While out and about in the city centre it’s hard not to be amazed by the sheer variety of street performance on display: tight-rope walking violinists, pan pipers, jazz bands, drum circles, a guy playing a weird violin/trumpet hybrid – Glasgow has it all. This includes a growing consortium of buskers who use loud and sophisticated sound systems, perhaps partly to ensure they aren’t drowned out by the heavy competition.
Since I admittedly operate within a West End bubble I’ve never been particularly bothered by the noisiness of these amp using buskers. They are an intriguing novelty during shopping excursions that carry me on my journey from fawning over £40 crop tops in Topshop, down to Urban Outfitters (purely because I’m hipster trash and like to touch velvety things) and then across to New Look to buy the exact same top I saw in Topshop for less than a tenner. Having amateur musicians pitch up outside your workplace with a huge PA system on a daily basis means however, that a friend of mine who works on Sauchiehall Street has a more qualified (and much dimmer) perspective
“The ones with accordions can stay. Sometimes the saxophone one can stay. But the young white people with acoustic guitars, keyboards, and tambourines can fuck off to hell and seriously burn. To think that you are so talented, so worthy of money and attention that everyone, not even on one street, but around corners, around blocks, should have to hear you is narcissistic as fuck. It is so arrogant to take up a public area, fire up a concert-grade amplifier and assault everyone in a block radius with their shitty, shitty wailing. If I hear one more acoustic-guitar-playing white teenaged fuckwit on the street playing Ed Sheeran I swear to God I’ll fucking push them in front of a taxi.”
To each their own I guess. The argument that the prevalence of loud speakers means busking is becoming invasive and a public nuisance is understandable and Glasgow City Council guidelines do state that, “amplified music must not be at a level that interferes with the ability of office and shop workers to conduct their business.” So why then are increasing numbers of buskers using them?
Some buskers perform purely because they enjoy singing and this gives them the opportunity to earn a bit of extra pocket money while doing it, but for many using amplifiers while busking is a crucial means of gaining the exposure that not everyone can acquire through TV talent contests or by being the boyfriend of Instagram’s premier lip kit connoisseur and realiser of things.

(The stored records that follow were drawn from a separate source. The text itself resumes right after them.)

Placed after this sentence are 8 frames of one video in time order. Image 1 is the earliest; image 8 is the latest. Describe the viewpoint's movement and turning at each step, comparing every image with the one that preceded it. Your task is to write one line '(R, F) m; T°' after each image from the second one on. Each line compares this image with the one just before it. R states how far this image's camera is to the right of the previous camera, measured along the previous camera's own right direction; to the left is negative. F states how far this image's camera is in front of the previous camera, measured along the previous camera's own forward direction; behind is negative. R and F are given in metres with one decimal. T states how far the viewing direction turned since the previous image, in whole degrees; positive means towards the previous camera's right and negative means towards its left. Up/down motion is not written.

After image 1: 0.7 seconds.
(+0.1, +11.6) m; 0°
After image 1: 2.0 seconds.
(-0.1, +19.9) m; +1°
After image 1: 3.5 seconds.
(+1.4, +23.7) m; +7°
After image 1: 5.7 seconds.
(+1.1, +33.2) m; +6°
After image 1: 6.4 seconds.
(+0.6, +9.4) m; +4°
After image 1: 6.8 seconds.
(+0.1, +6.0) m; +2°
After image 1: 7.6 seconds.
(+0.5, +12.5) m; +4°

For some, loud speakers become focal points around which small groups of fangirls awkwardly gather, and on top of which signs advertising their Facebook page and other contact details are fixed.

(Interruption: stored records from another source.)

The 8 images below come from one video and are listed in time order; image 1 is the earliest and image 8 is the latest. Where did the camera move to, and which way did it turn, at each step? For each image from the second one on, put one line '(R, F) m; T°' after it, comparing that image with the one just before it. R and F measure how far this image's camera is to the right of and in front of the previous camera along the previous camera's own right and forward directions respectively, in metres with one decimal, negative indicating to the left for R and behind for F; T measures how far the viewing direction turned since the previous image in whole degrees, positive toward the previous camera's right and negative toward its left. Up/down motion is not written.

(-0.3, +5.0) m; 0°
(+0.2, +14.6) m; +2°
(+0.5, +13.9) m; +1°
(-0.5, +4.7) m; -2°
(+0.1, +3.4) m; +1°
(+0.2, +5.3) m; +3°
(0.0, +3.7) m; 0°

As well as guaranteeing increased attention for buskers these amplifiers are great for everyone else if they mean that when trailing up and down Buchanan Street you’re all the while able to enjoy a free gig from a fantastic band, but let’s spit the hard truths – what if they are indisputably shite? They don’t even have to be indisputably shite; what if they’re just blasting a particular style of music that isn’t to many people’s taste, in a location where people have no explicit desire to hear music of any kind? Is that fair and acceptable behaviour? I would answer: no – loud speaker systems and public areas do not mix.
To be clear, it is not busking that is the problem – busking is a wonderful part of Glasgow’s legendary music scene and adds heaps of character, vibrancy, and culture to a retail chain mile of rampant consumerism. It makes up an integral part of the city centre’s atmosphere, but one which people should be able to tune in or out of freely. Rather than offering passers by the opportunity to form an audience if they so wish, amps force them into becoming an audience whether they want to be or not. Busking is thus transformed into an unavoidable irritation which makes an area unwelcoming, and as such its reputation is denigrated to that of a public nuisance.
Bath & North East Somerset Council toyed with the idea of banning buskers from using amps following sustained complaints about noise levels, especially around the city’s abbey. Last month it decided upon the solution of banning individual buskers deemed to be guilty of excessive noise pollution rather than enforcing the sweeping ban of busking on the city’s streets which some disgruntled protesters had urged for. If the situation here worsens perhaps Glasgow City Council would consider pursuing similar measures, but in the meantime let’s all just hope that a harmonious chord can be struck sooner rather than later.